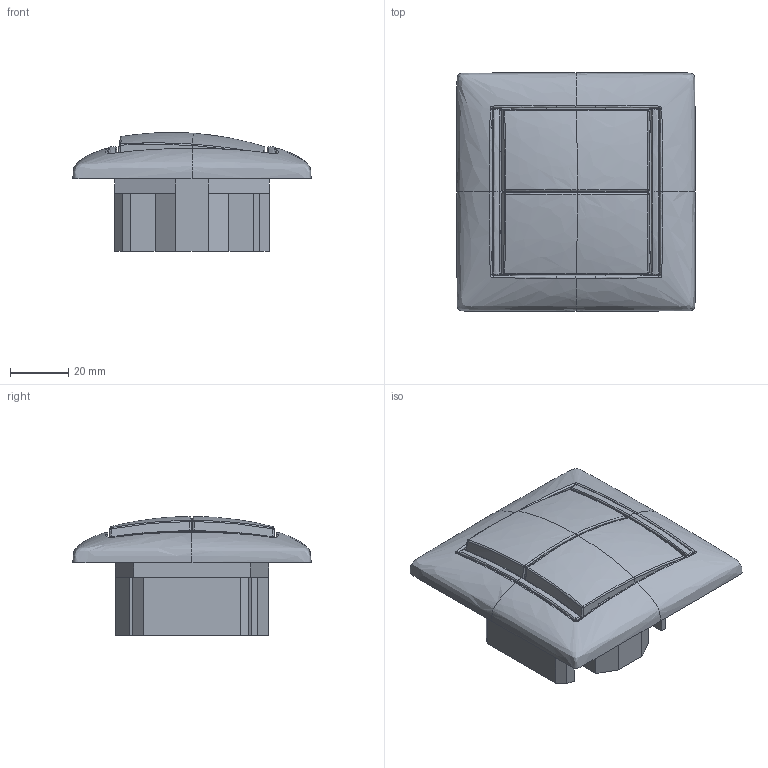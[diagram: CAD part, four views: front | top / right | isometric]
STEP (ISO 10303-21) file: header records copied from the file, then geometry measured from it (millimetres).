
FILE_DESCRIPTION (( 'STEP AP214' ), '1' );
FILE_NAME ('770098.STEP', '2025-09-02T10:20:52', ( '' ), ( '' ), 'SwSTEP 2.0', 'SolidWorks 2022', '' );
FILE_SCHEMA (( 'AUTOMOTIVE_DESIGN' ));
Length unit declared in the file: millimetre
Products named in the file (1): 770098
Bounding box: 82 x 82 x 40.92 mm (x, y, z)
Surface area: 33575.3 mm2 (no closed solid volume)
Topology: 0 solids, 10 shells, 959 faces, 2589 edges, 1599 vertices
Faces by surface type: bspline 459, plane 295, cylinder 152, sphere 25, cone 20, torus 8
Entity records: 76095 total; most frequent: CARTESIAN_POINT 59115, ORIENTED_EDGE 5027, EDGE_CURVE 2525, B_SPLINE_CURVE_WITH_KNOTS 2523, VERTEX_POINT 1567, DIRECTION 983, EDGE_LOOP 954, ADVANCED_FACE 949
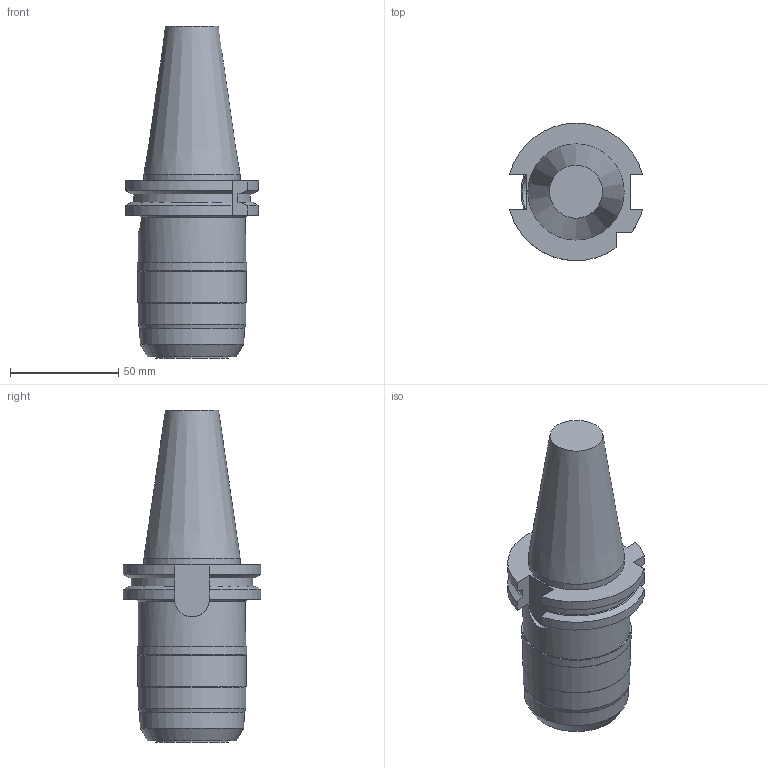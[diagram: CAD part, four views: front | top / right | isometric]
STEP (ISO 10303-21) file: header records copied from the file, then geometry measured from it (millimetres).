
FILE_DESCRIPTION((''),'1');
FILE_NAME('DV40-HMC20S-85.stp','2016-06-08T07:28:16',(''),(''),'Spatial Interop R21 SP3','Kubotek KeyCreator 2011 V10.0.2 (22737)',' ');
FILE_SCHEMA(('automotive_design'));
Length unit declared in the file: millimetre
Products named in the file (1): Unnamed[1]
Bounding box: 61.48 x 63.54 x 153.4 mm (x, y, z)
Volume: 238052 mm3; surface area: 26621.2 mm2
Topology: 1 solids, 1 shells, 50 faces, 127 edges, 82 vertices
Faces by surface type: plane 21, cylinder 16, cone 13
Full cylindrical faces by diameter (mm): 33.6 x1, 44.45 x1, 49.5 x2, 50 x1, 50.7 x1
Entity records: 2673 total; most frequent: CARTESIAN_POINT 331, DIRECTION 241, ORIENTED_EDGE 228, PRESENTATION_STYLE_ASSIGNMENT 216, COLOUR_RGB 216, STYLED_ITEM 165, CURVE_STYLE 165, DRAUGHTING_PRE_DEFINED_CURVE_FONT 165

* **EXERCISE BRIEF**:
Leave out the pictures, then copy all the remaining text in the records exactly.

* **WRITTEN SOLUTION**:
[diagram: CAD part, four views: front | top / right | isometric]
STEP (ISO 10303-21) file: header records copied from the file, then geometry measured from it (millimetres).
FILE_DESCRIPTION (( 'STEP AP214' ), '1' );
FILE_NAME ('770098.STEP', '2025-09-02T10:20:52', ( '' ), ( '' ), 'SwSTEP 2.0', 'SolidWorks 2022', '' );
FILE_SCHEMA (( 'AUTOMOTIVE_DESIGN' ));
Length unit declared in the file: millimetre
Products named in the file (1): 770098
Bounding box: 82 x 82 x 40.92 mm (x, y, z)
Surface area: 33575.3 mm2 (no closed solid volume)
Topology: 0 solids, 10 shells, 959 faces, 2589 edges, 1599 vertices
Faces by surface type: bspline 459, plane 295, cylinder 152, sphere 25, cone 20, torus 8
Entity records: 76095 total; most frequent: CARTESIAN_POINT 59115, ORIENTED_EDGE 5027, EDGE_CURVE 2525, B_SPLINE_CURVE_WITH_KNOTS 2523, VERTEX_POINT 1567, DIRECTION 983, EDGE_LOOP 954, ADVANCED_FACE 949
[diagram: CAD part, four views: front | top / right | isometric]
STEP (ISO 10303-21) file: header records copied from the file, then geometry measured from it (millimetres).
FILE_DESCRIPTION((''),'1');
FILE_NAME('DV40-HMC20S-85.stp','2016-06-08T07:28:16',(''),(''),'Spatial Interop R21 SP3','Kubotek KeyCreator 2011 V10.0.2 (22737)',' ');
FILE_SCHEMA(('automotive_design'));
Length unit declared in the file: millimetre
Products named in the file (1): Unnamed[1]
Bounding box: 61.48 x 63.54 x 153.4 mm (x, y, z)
Volume: 238052 mm3; surface area: 26621.2 mm2
Topology: 1 solids, 1 shells, 50 faces, 127 edges, 82 vertices
Faces by surface type: plane 21, cylinder 16, cone 13
Full cylindrical faces by diameter (mm): 33.6 x1, 44.45 x1, 49.5 x2, 50 x1, 50.7 x1
Entity records: 2673 total; most frequent: CARTESIAN_POINT 331, DIRECTION 241, ORIENTED_EDGE 228, PRESENTATION_STYLE_ASSIGNMENT 216, COLOUR_RGB 216, STYLED_ITEM 165, CURVE_STYLE 165, DRAUGHTING_PRE_DEFINED_CURVE_FONT 165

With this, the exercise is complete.